PROBLEM TO WORK ON :: I would like the records restated word for word, without the pictures.

Stored items from a collection ::
◆ ◆ ◆

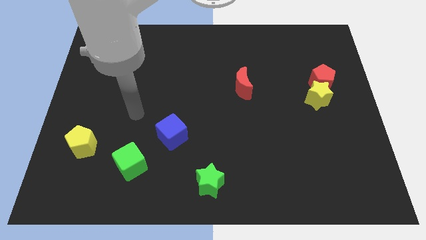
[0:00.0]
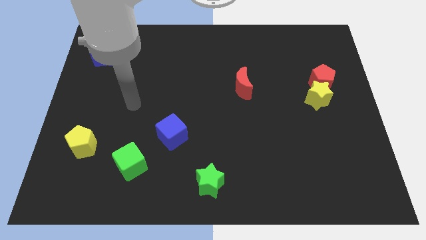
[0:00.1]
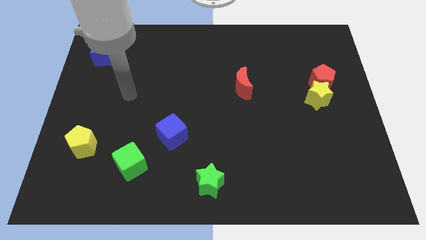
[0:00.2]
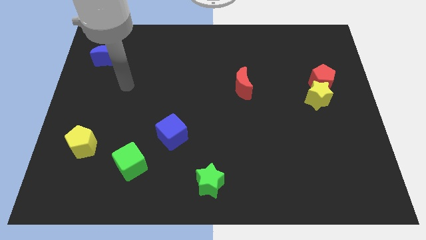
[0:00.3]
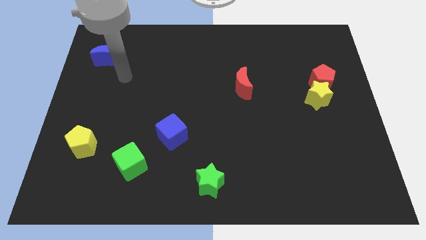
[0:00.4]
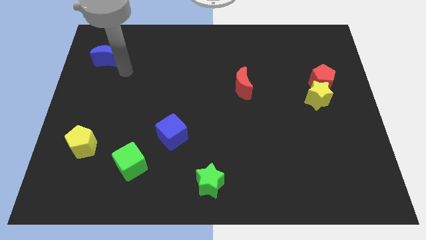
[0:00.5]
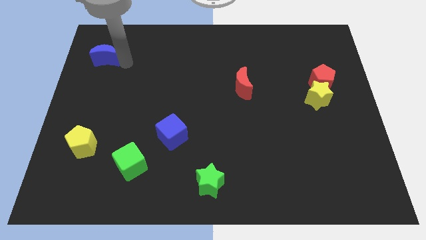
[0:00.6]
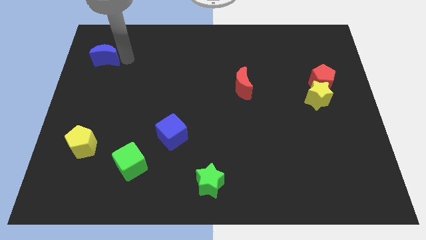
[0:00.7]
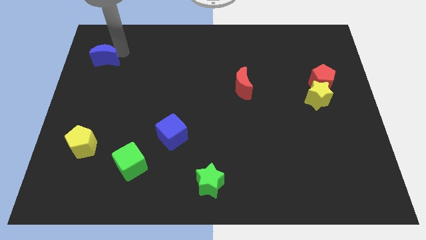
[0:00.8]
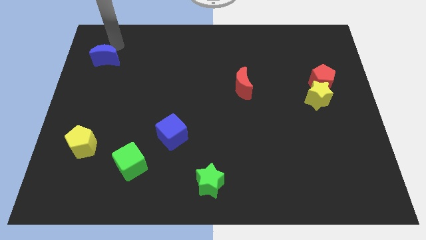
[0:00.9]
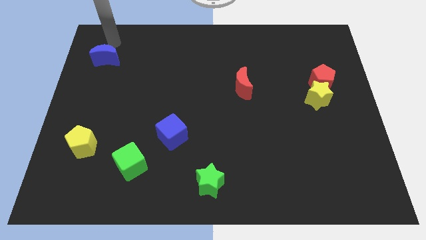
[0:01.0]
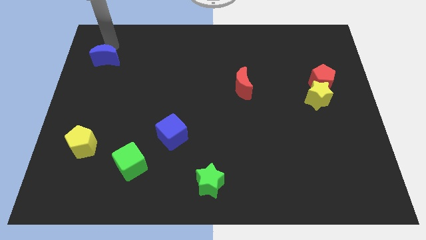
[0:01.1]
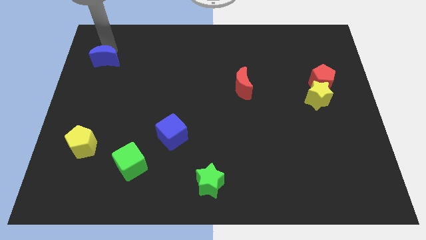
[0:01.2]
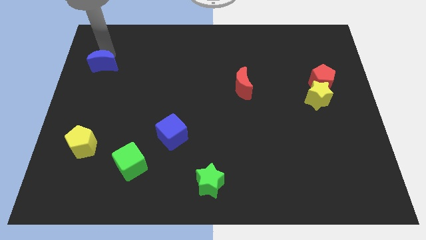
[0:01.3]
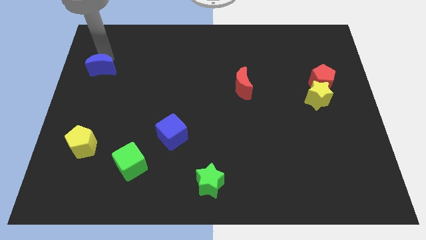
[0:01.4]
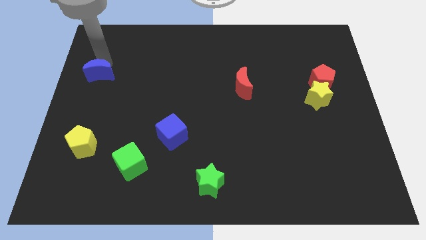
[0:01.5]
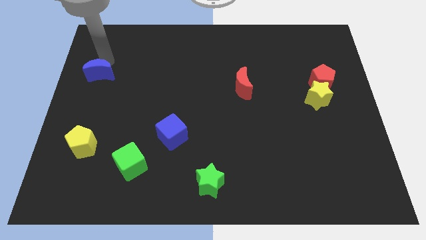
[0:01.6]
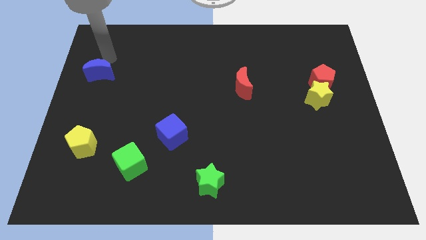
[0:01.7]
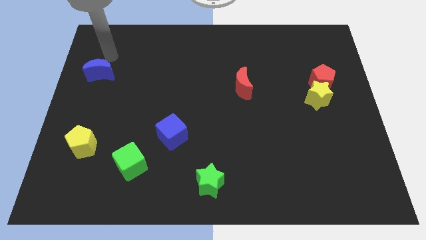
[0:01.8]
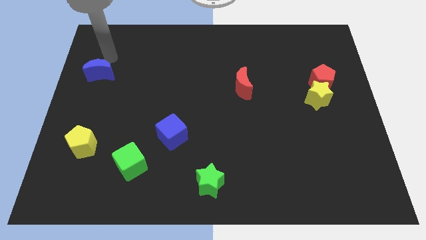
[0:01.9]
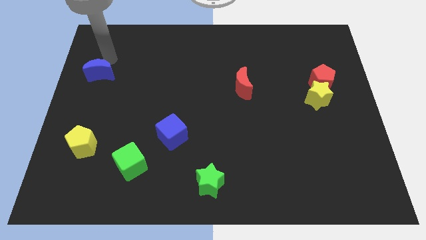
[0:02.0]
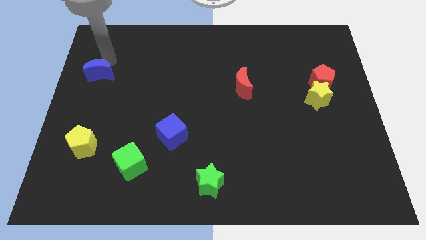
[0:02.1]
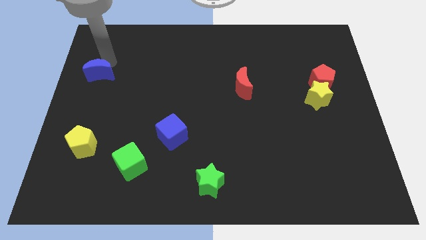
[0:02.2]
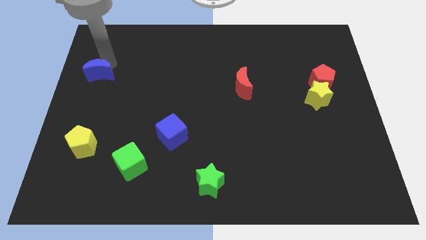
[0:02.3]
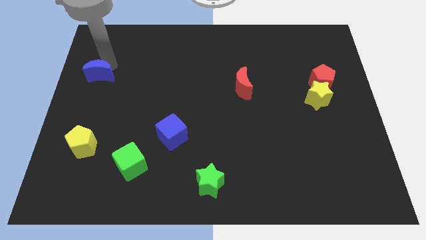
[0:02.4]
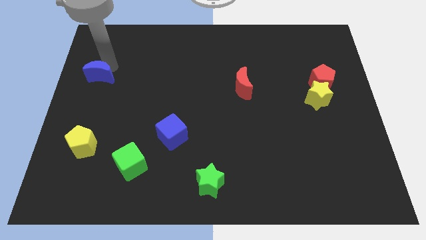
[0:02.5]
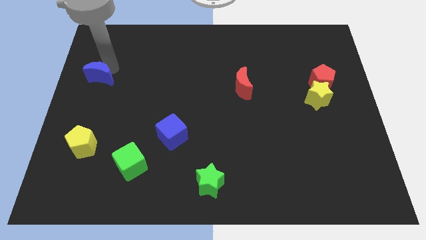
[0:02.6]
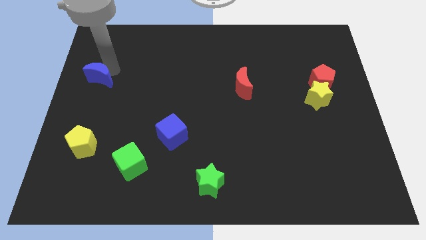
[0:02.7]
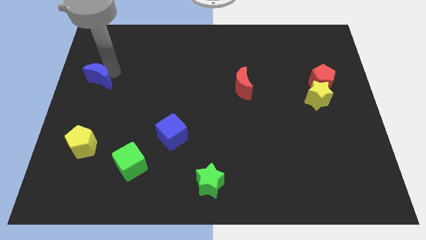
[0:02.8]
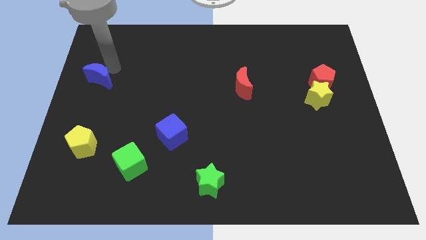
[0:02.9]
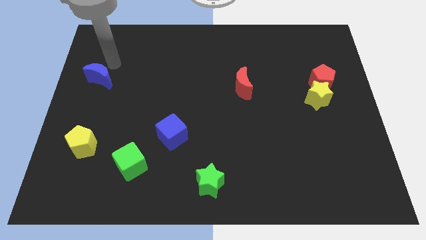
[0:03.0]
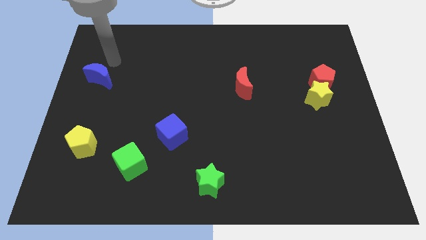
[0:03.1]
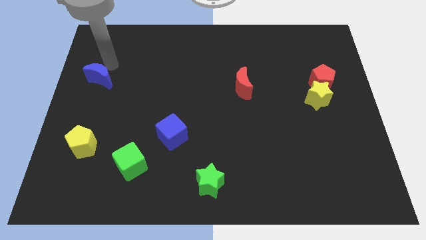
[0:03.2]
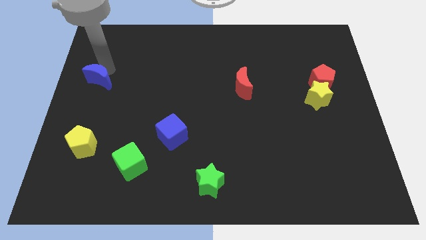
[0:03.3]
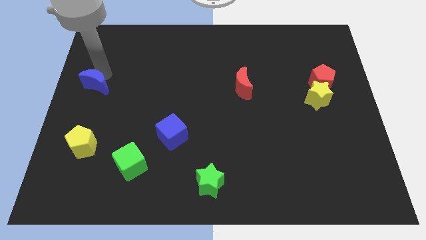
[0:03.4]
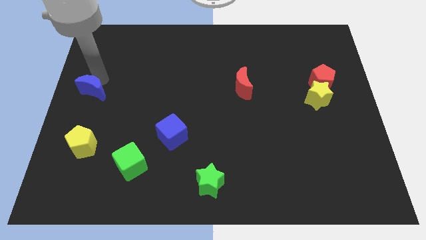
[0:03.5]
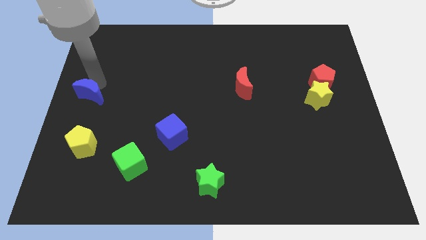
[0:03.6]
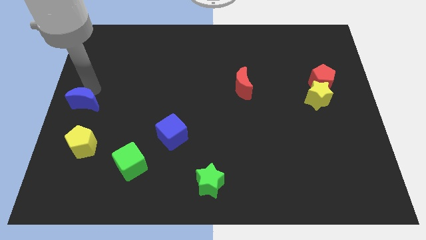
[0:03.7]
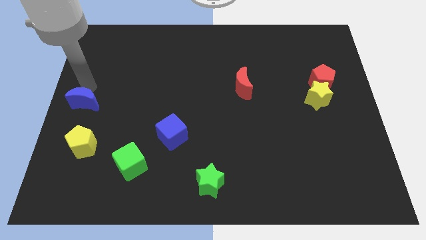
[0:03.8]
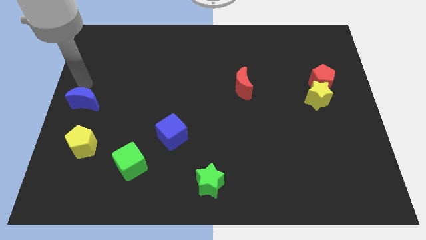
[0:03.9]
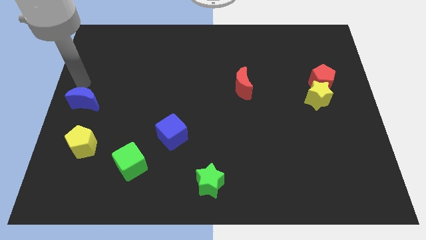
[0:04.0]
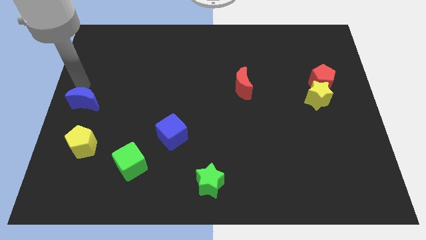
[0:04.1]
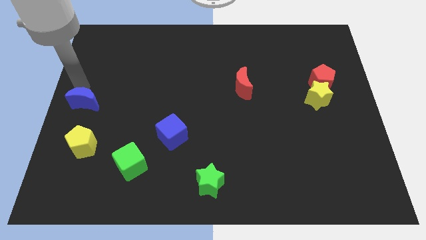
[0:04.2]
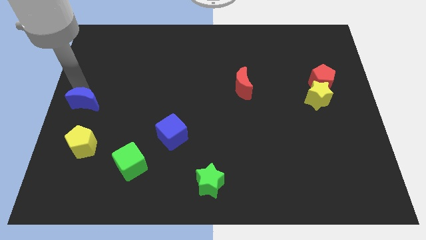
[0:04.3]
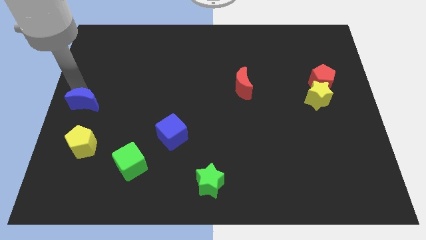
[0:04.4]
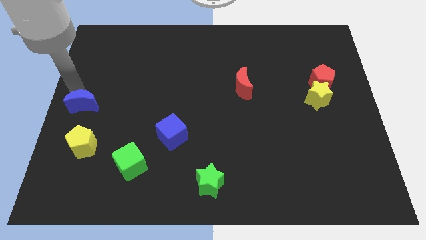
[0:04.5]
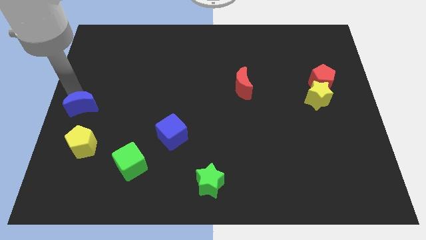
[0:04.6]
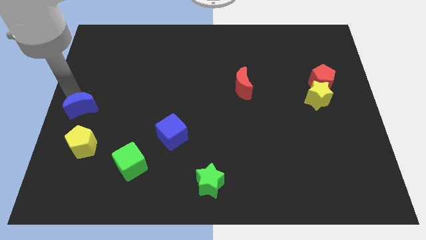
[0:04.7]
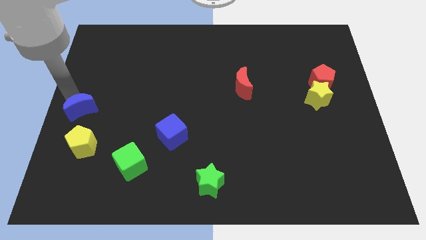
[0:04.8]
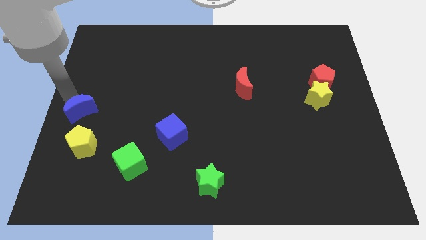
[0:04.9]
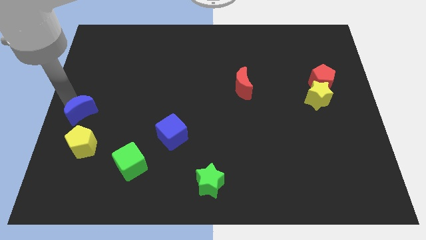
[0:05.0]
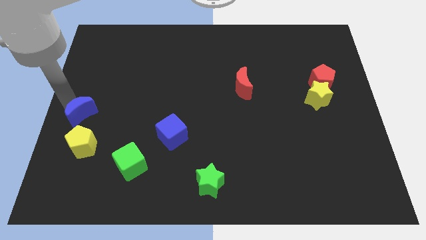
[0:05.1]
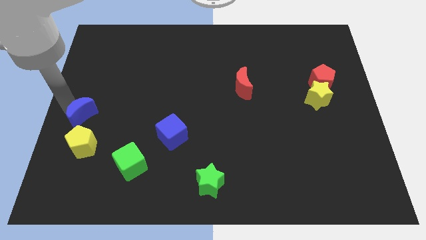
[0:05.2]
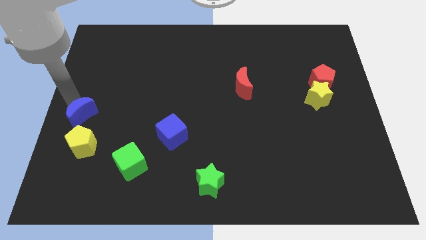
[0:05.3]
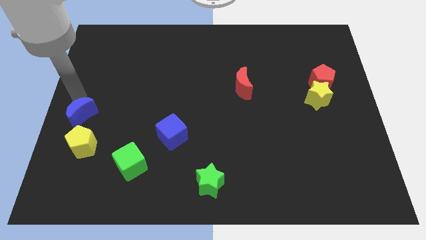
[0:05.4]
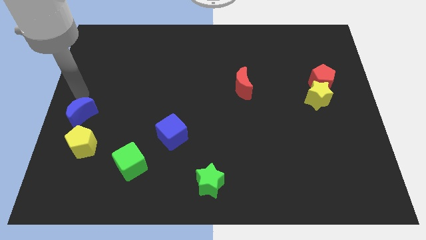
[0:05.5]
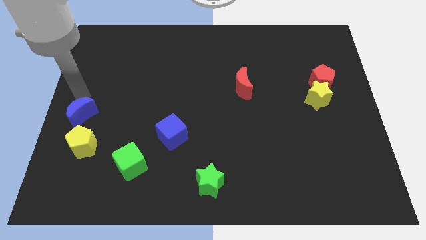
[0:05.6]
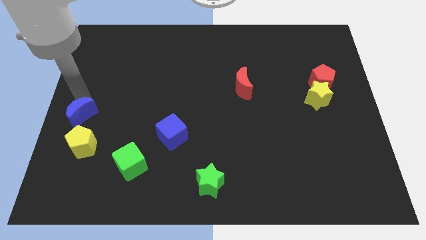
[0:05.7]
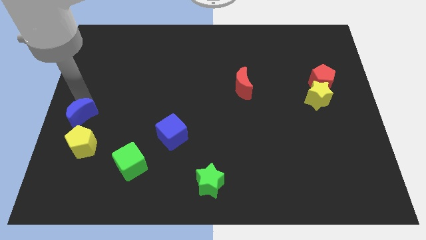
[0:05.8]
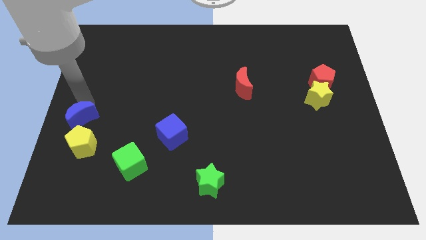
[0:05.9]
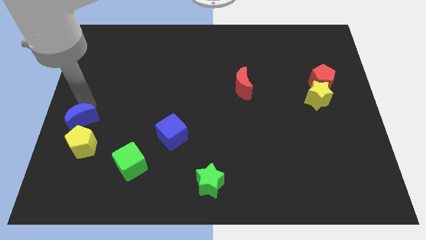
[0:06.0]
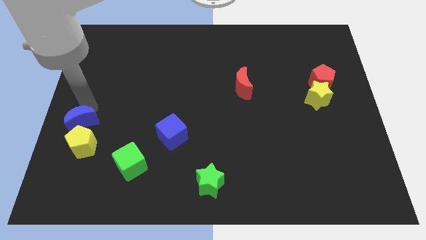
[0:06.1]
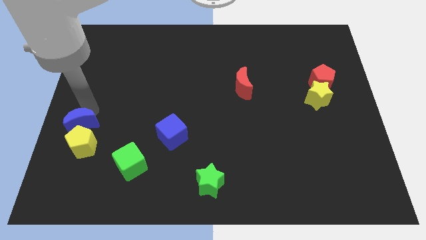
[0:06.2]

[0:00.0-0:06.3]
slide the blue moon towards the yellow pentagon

◆ ◆ ◆

RESPONSE TO THE EXERCISE ::
[0:00.0]
[0:00.1]
[0:00.2]
[0:00.3]
[0:00.4]
[0:00.5]
[0:00.6]
[0:00.7]
[0:00.8]
[0:00.9]
[0:01.0]
[0:01.1]
[0:01.2]
[0:01.3]
[0:01.4]
[0:01.5]
[0:01.6]
[0:01.7]
[0:01.8]
[0:01.9]
[0:02.0]
[0:02.1]
[0:02.2]
[0:02.3]
[0:02.4]
[0:02.5]
[0:02.6]
[0:02.7]
[0:02.8]
[0:02.9]
[0:03.0]
[0:03.1]
[0:03.2]
[0:03.3]
[0:03.4]
[0:03.5]
[0:03.6]
[0:03.7]
[0:03.8]
[0:03.9]
[0:04.0]
[0:04.1]
[0:04.2]
[0:04.3]
[0:04.4]
[0:04.5]
[0:04.6]
[0:04.7]
[0:04.8]
[0:04.9]
[0:05.0]
[0:05.1]
[0:05.2]
[0:05.3]
[0:05.4]
[0:05.5]
[0:05.6]
[0:05.7]
[0:05.8]
[0:05.9]
[0:06.0]
[0:06.1]
[0:06.2]

[0:00.0-0:06.3]
slide the blue moon towards the yellow pentagon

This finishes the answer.